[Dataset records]
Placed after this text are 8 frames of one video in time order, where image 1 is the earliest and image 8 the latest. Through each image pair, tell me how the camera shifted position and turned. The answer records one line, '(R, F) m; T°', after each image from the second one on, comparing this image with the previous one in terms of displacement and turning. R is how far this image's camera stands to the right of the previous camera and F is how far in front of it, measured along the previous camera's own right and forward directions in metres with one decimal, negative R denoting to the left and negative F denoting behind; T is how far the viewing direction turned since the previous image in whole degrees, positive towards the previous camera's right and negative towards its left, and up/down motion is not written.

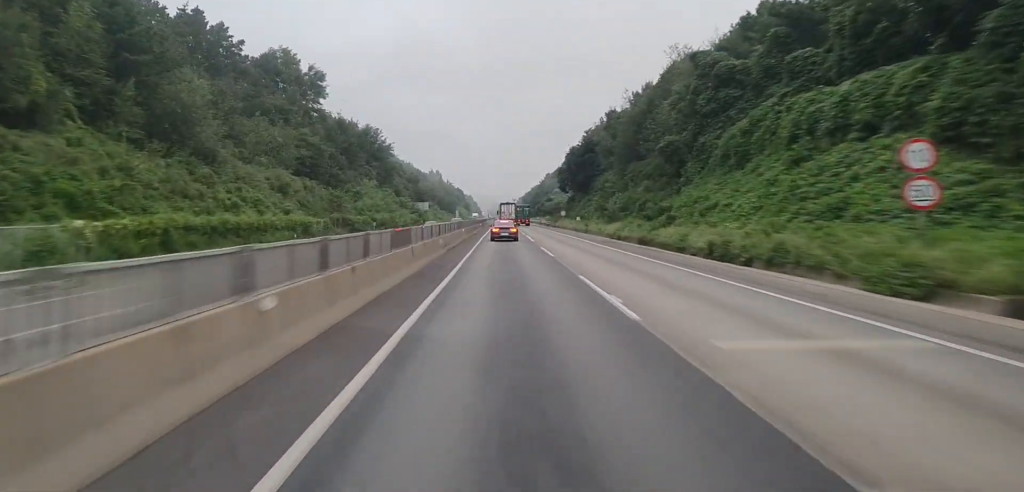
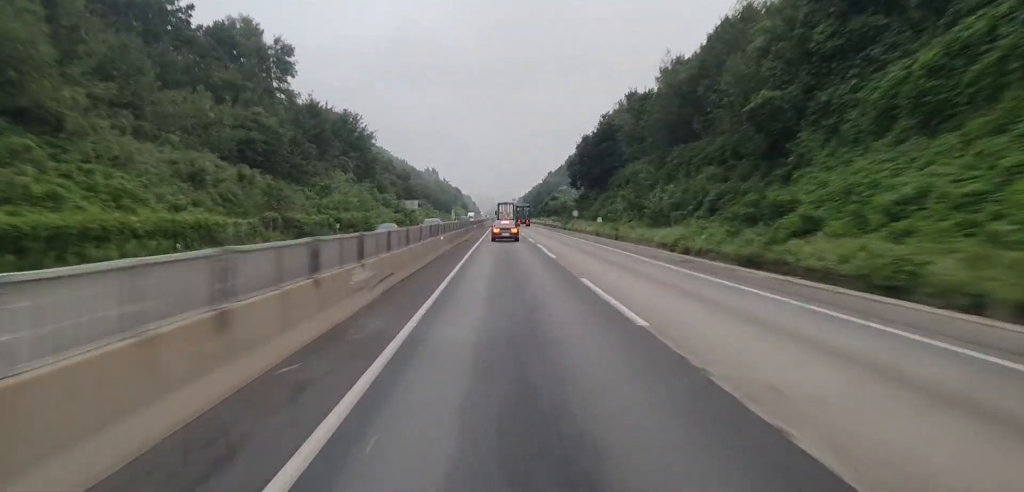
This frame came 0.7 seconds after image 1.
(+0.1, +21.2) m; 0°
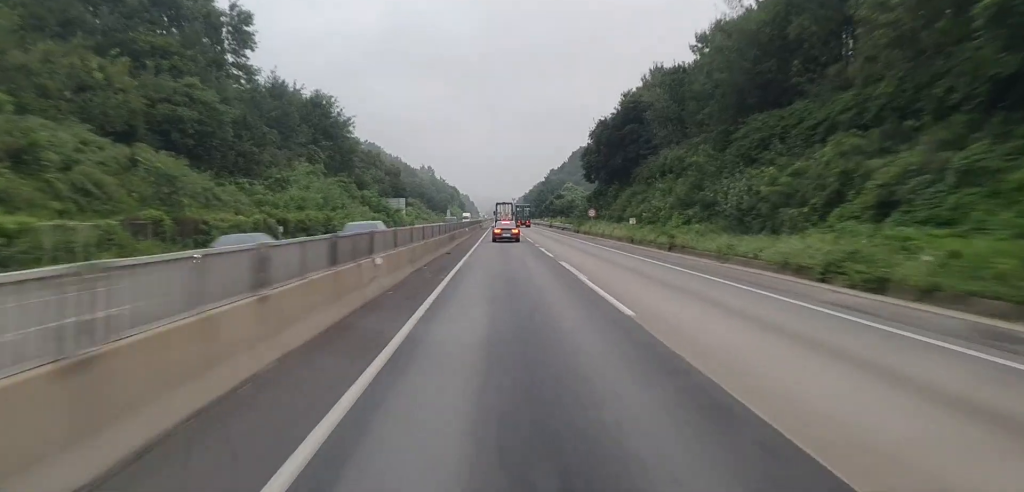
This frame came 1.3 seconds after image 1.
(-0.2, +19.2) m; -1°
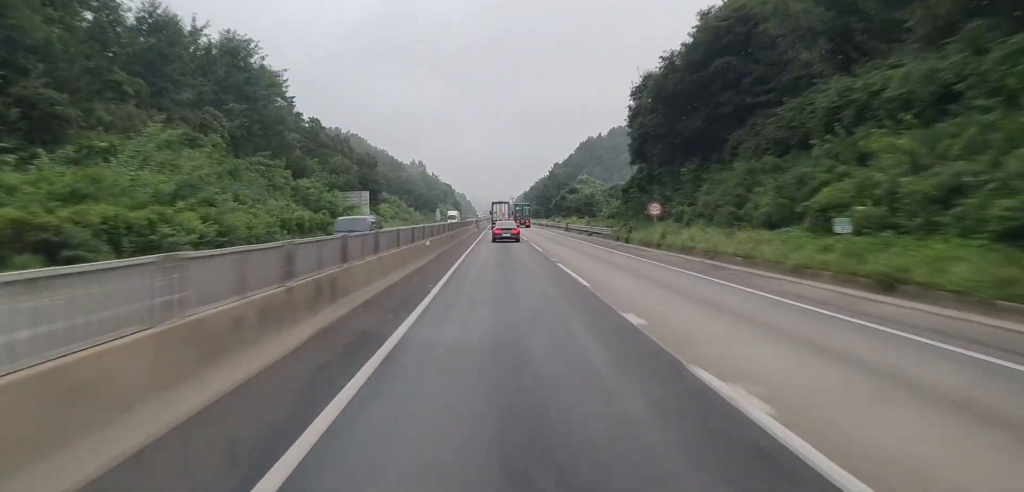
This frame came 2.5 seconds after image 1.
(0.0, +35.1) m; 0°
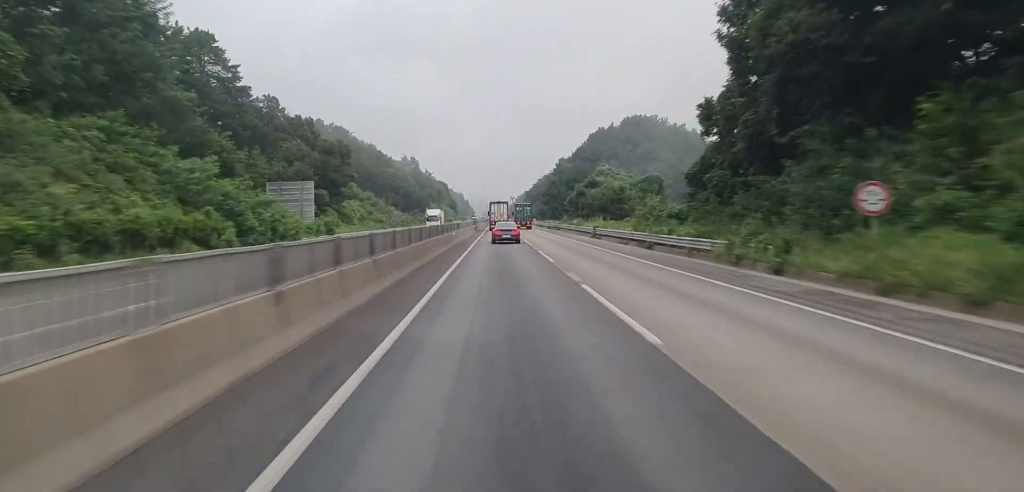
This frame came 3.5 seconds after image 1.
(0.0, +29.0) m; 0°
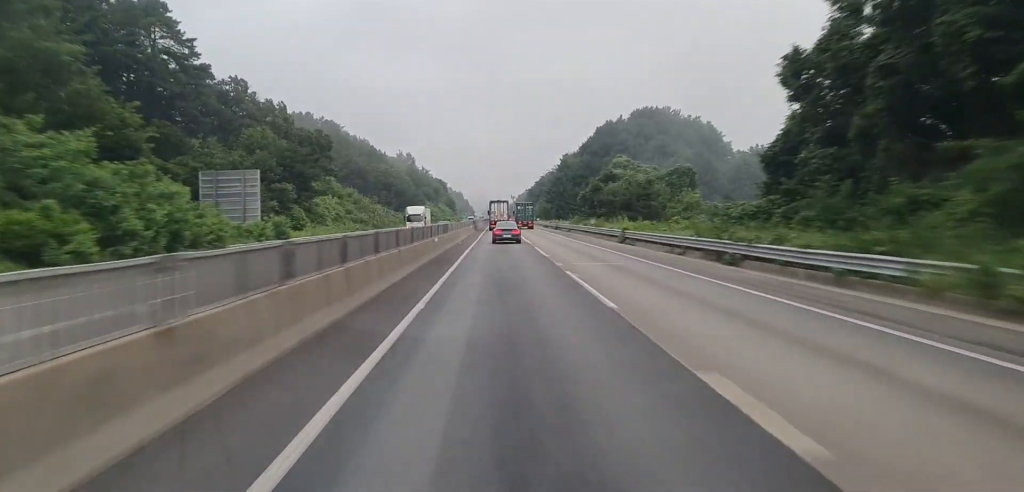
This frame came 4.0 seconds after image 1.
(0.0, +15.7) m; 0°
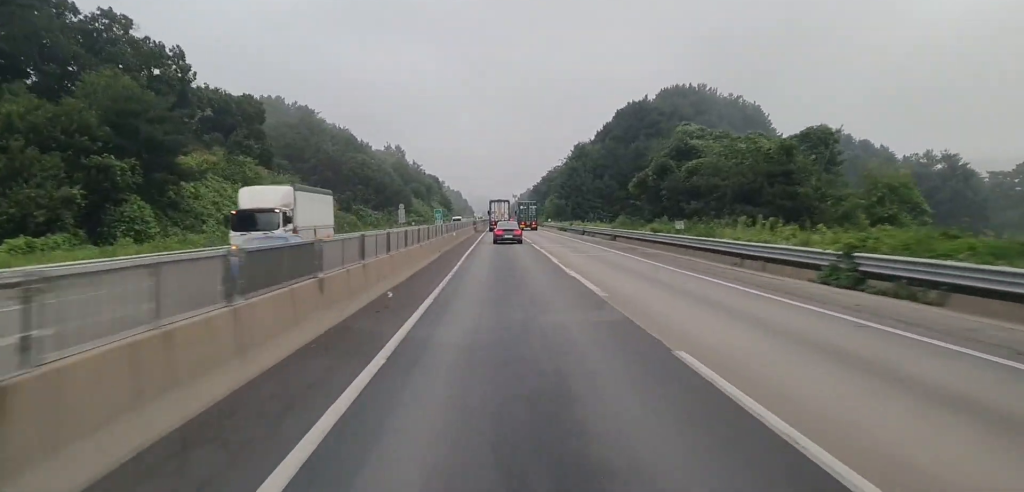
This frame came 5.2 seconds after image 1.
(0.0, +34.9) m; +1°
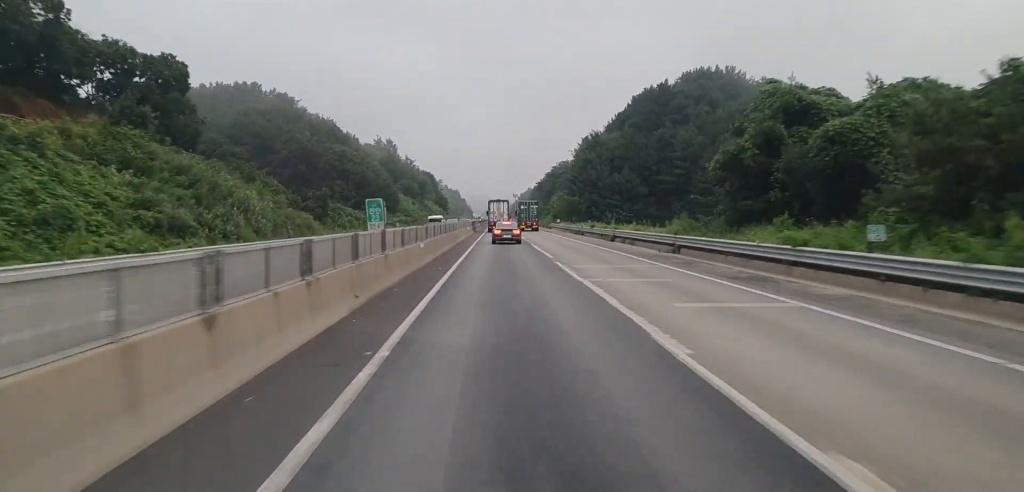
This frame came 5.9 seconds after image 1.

**Activity:** Print only the lines from the line that contains "This frame came 5.2 seconds after image 1." to the final line of the data, inclusive. Pictures stay out.

**Your response:**
This frame came 5.2 seconds after image 1.
(0.0, +34.9) m; +1°
This frame came 5.9 seconds after image 1.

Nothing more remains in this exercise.